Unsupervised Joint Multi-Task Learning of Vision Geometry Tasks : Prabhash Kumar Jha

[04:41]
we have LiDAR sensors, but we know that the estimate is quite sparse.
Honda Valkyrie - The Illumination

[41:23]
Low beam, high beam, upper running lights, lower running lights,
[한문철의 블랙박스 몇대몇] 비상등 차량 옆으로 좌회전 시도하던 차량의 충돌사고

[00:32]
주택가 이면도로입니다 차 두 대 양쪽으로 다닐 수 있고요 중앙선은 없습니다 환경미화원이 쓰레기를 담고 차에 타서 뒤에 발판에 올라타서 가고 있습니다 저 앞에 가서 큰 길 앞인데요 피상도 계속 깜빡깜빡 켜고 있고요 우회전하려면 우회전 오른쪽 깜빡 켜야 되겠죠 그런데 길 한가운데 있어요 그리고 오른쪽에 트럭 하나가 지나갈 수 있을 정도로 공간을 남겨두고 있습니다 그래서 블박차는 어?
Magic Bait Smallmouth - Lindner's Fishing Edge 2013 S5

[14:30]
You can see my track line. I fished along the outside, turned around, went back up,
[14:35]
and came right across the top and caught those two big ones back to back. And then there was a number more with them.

....

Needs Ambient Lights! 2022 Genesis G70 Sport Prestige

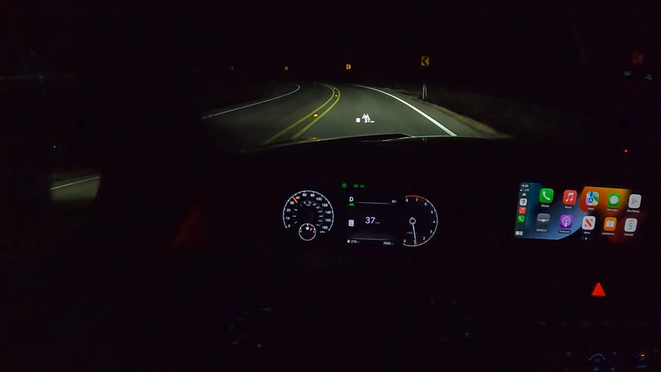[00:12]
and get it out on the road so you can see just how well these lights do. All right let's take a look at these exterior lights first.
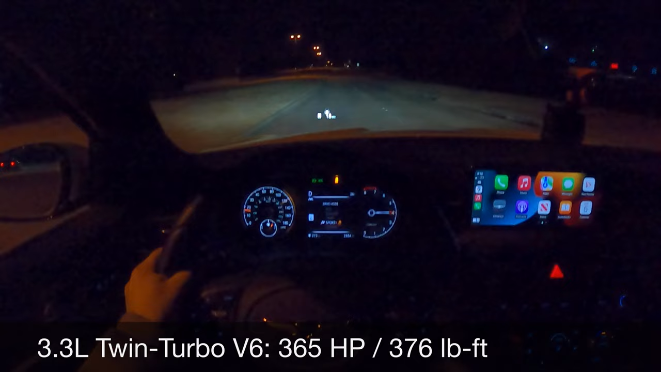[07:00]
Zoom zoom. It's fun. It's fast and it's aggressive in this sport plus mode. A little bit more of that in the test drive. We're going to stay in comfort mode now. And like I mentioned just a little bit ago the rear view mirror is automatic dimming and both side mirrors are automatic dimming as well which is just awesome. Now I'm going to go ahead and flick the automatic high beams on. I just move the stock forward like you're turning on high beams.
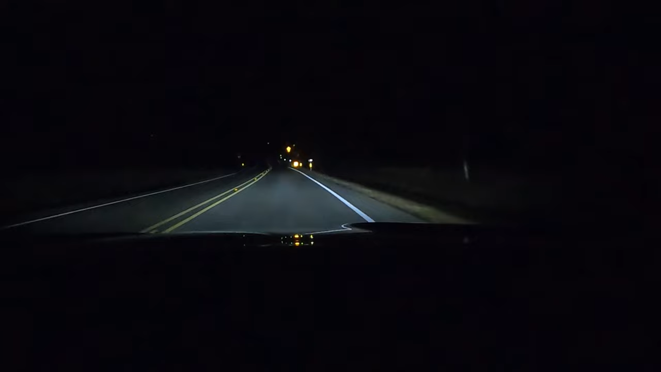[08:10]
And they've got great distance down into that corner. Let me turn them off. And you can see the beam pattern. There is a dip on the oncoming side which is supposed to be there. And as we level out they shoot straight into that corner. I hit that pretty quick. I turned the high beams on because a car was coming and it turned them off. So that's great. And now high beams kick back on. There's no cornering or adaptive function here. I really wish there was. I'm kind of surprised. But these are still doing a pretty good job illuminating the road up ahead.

....

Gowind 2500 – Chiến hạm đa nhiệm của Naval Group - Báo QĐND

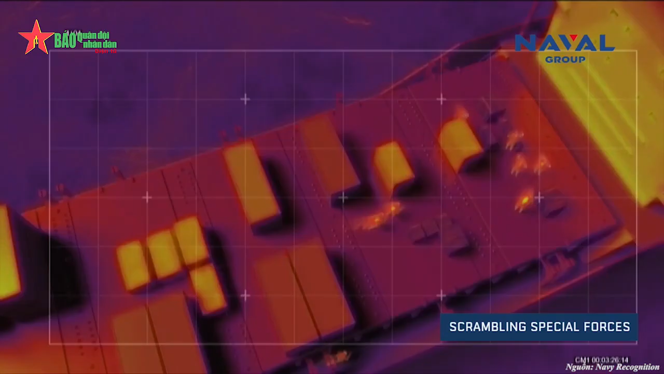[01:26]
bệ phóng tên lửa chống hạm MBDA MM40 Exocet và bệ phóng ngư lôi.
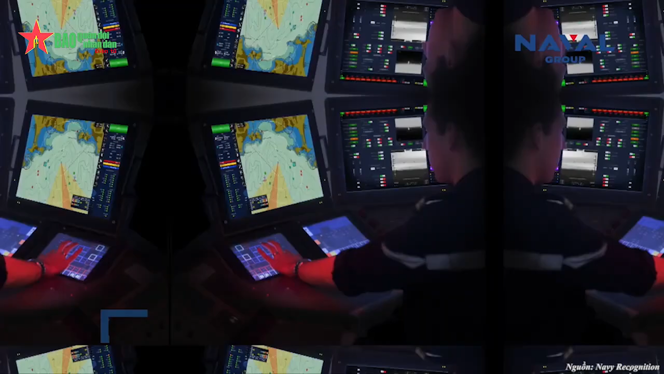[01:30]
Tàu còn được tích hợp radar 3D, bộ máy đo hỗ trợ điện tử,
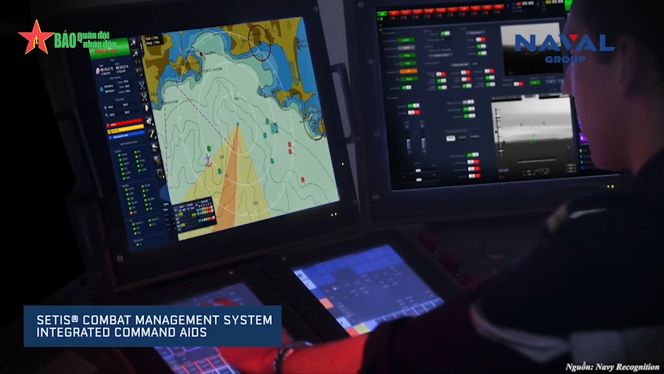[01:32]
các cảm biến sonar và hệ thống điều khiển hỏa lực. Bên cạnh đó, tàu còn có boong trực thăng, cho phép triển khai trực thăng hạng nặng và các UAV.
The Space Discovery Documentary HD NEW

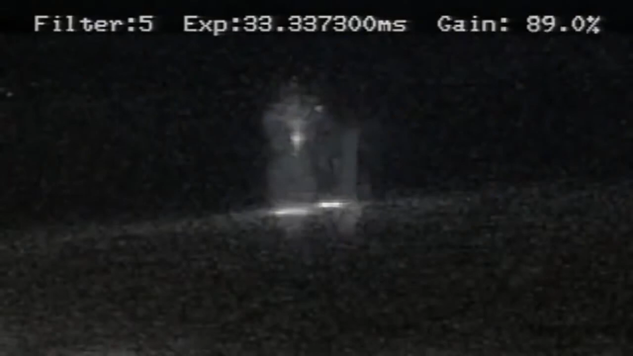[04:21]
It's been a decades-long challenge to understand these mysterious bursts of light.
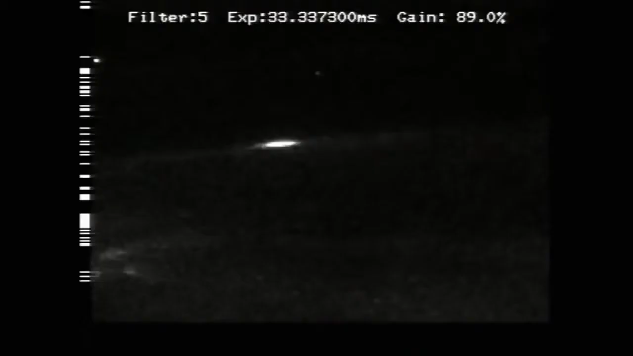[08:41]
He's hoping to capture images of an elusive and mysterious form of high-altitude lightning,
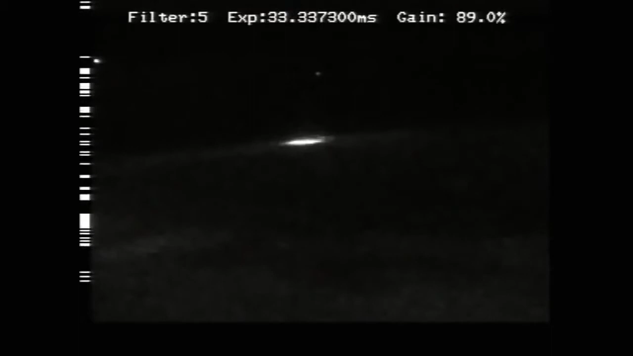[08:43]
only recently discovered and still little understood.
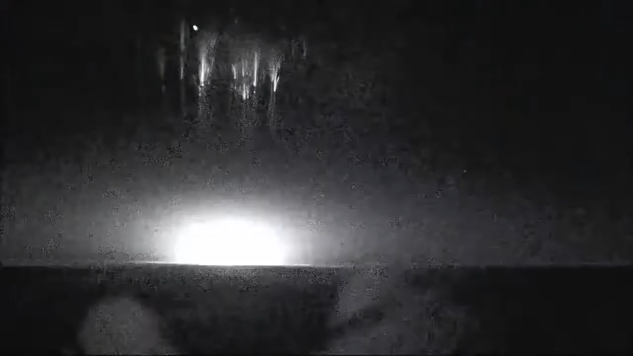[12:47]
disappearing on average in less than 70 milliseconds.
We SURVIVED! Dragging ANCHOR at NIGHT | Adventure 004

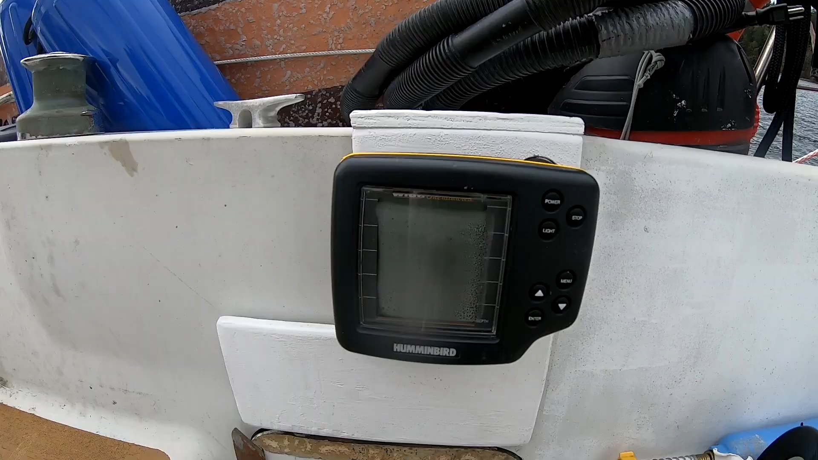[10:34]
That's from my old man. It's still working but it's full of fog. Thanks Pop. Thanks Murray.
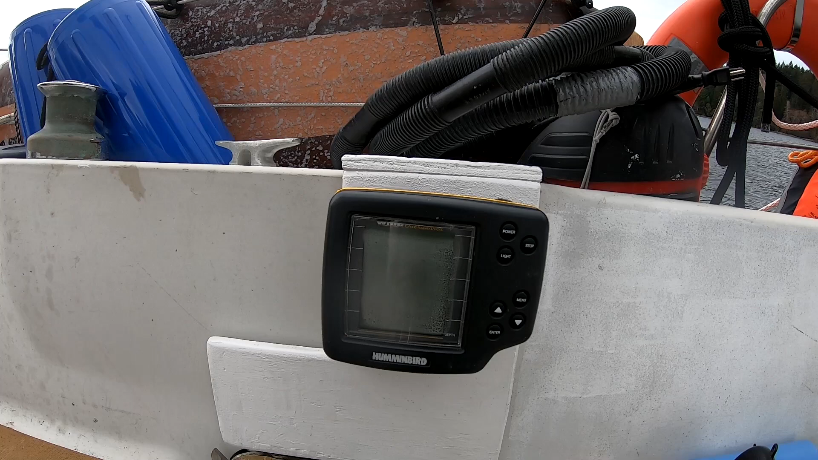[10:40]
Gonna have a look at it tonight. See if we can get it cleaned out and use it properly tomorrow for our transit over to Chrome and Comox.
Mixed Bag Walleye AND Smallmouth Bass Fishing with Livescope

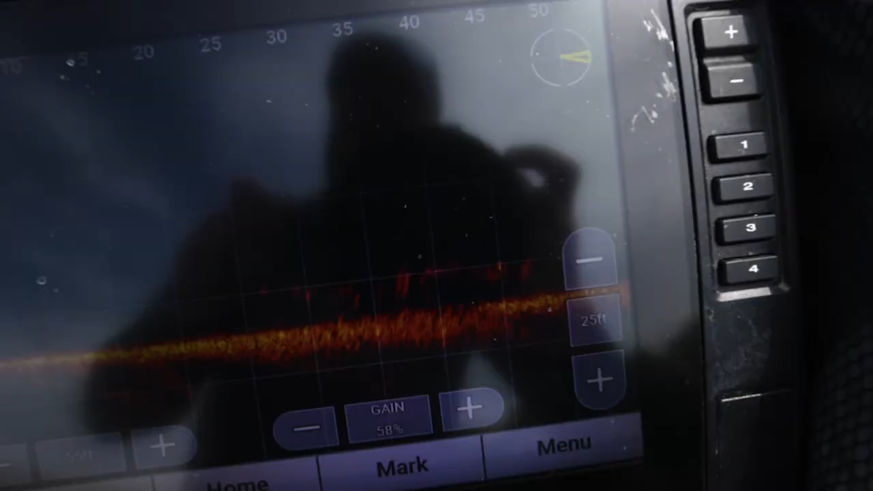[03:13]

....

ABOUT THIS TASK: When a line in the listing has the word "Fishing", return that line.

RESULT OF THIS EXERCISE:
Magic Bait Smallmouth - Lindner's Fishing Edge 2013 S5
Mixed Bag Walleye AND Smallmouth Bass Fishing with Livescope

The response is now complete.